The mental stuff I've found is easier (who said that? did I just say that?). And I attribute this to years and years of sitting meditation and mindfulness practice. I don't think it's something you can just tell yourself "it's all mental" and write it off. But that might be what it looks like in describing it. Feelings of sadness, melancholy, depression, even waves of them. I get them in their gripping reality, they come up and mindfulness practice looks at them and goes, "what the hell you doing here?". 

I attribute much of this, perhaps, to insight into teachings on the enlightened nature of all things; the enlightened nature of mind, both the subjective perceiving/processing mind and the objective mind projected in what is perceived by our senses.

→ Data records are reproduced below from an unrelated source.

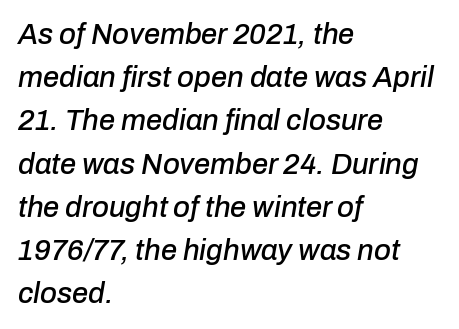
{"italic": "yes", "lean": "right", "slant_degrees": 10, "width": "normal", "stroke_contrast": "low", "x_height": "medium", "monospaced": "no", "underline": "no", "align": "left", "line_spacing": "normal", "line_spacing_ratio": 1.49, "letter_spacing": "normal", "letter_spacing_em": 0.0, "glyph_px": 29}
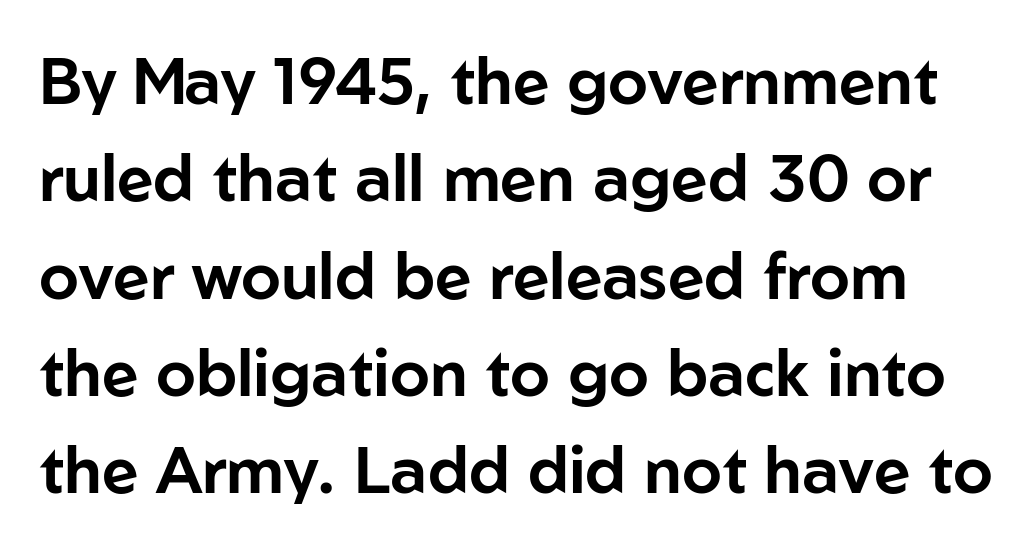
Q: Is the text italic (slanted)? A: No, it is upright.
Q: Is the typeface a serif or a sans-serif typeface? A: Sans-serif.
Q: Is the text underlined? A: No.
Q: Is the spacing between letters normal or unusually wide? A: Normal.
Q: Is the spacing between lines tight, normal or loose? A: Normal.
Q: Width (condensed, normal, or wide)? A: Normal.
Q: Stroke contrast? A: Low.
Q: x-height? A: Medium.
Q: Monospaced? A: No.
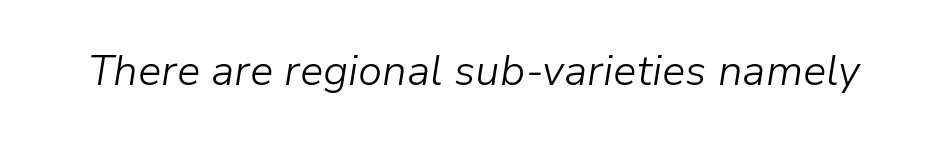
Q: Is the text bold? A: No.
Q: Is the text italic (slanted)? A: Yes, it leans right by about 9 degrees.
Q: Is the text underlined? A: No.
Q: Is the spacing between letters normal or unusually wide? A: Normal.
Q: Width (condensed, normal, or wide)? A: Normal.
Q: Stroke contrast? A: Low.
Q: x-height? A: Medium.
Q: Monospaced? A: No.
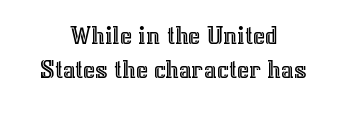
A typesetter would call this zero additional tracking. The lettering holds an erect, upright posture throughout. Is there much room between lines? A standard amount, neither cramped nor airy. Decoration check: the copy has no underline. Reading down the block, each line starts at a different indent, mirrored at its end.

It's taught over and over again in all schools of Buddhism that our nature is inherently enlightened to the point that it's intellectually meaningless (like many things zen), and requires a non-intellectual realization to push through its meaning (including/especially in zen). And once you do, a lot of the mental stuff doesn't make any sense treating it as what it seems like. 

We treat sadness, melancholy and depression as negative things that are undesirable, but that doesn't square with insight into the enlightened nature of reality and all things. To square it requires realizing those undesirable things are still a part of enlightened nature. It's the result-orientation of Mahamudra practice (as opposed to path-orientation of other approaches like zen, none of which are right or wrong; different tools for different people). Sadness, melancholy and depression are all enlightened expression when you don't attach to those concepts being what they seem to be. 

Great! Fine! Faboo! What about "looming"? I don't know. I don't know if I'm facing a reckoning in 2020 or if nothing's going to change despite the perpetual feeling that something has to. I've recently been taking to heart the saying "If you're going through tough times, keep going". Keep going and you will get through it. Just keep going. But then what awaits having gotten through it? The saying assumes an end of the tough times. For me, "getting through it" means being able to end all of this. And it's not end of tough times because of ending it all, it's a positive ending it all because of understanding and fulfillment.

I may be facing a financial reckoning, or looming, with just a few months into summer left of finances if I don't do anything. I got sick of those monetary injections into my bank account. I was begrudgingly willing as long as there were no problems, but the last attempted injection didn't go through, and I'm so sick of it that I'm unwilling to investigate why. If that didn't go through, there's no reason to believe any other will, so just stop. They were humiliating in themselves, but looking into why it didn't go through becomes desperation and defines desire to live. This is a terrible, horrible, insensitive analogy, but it's like I have cancer of the life and those monetary injections were the chemo keeping me alive. But I've gotten to the point I'm unwilling to go through it anymore. If the chemo isn't working, why keep going through with it? It's a terrible analogy, but it's my mindset.

I think I'll also attribute to mindfulness practice that this looming isn't sending me into a mental tailspin as it did before. May the Buddha-fields, the mandalas, be evermore encompassing.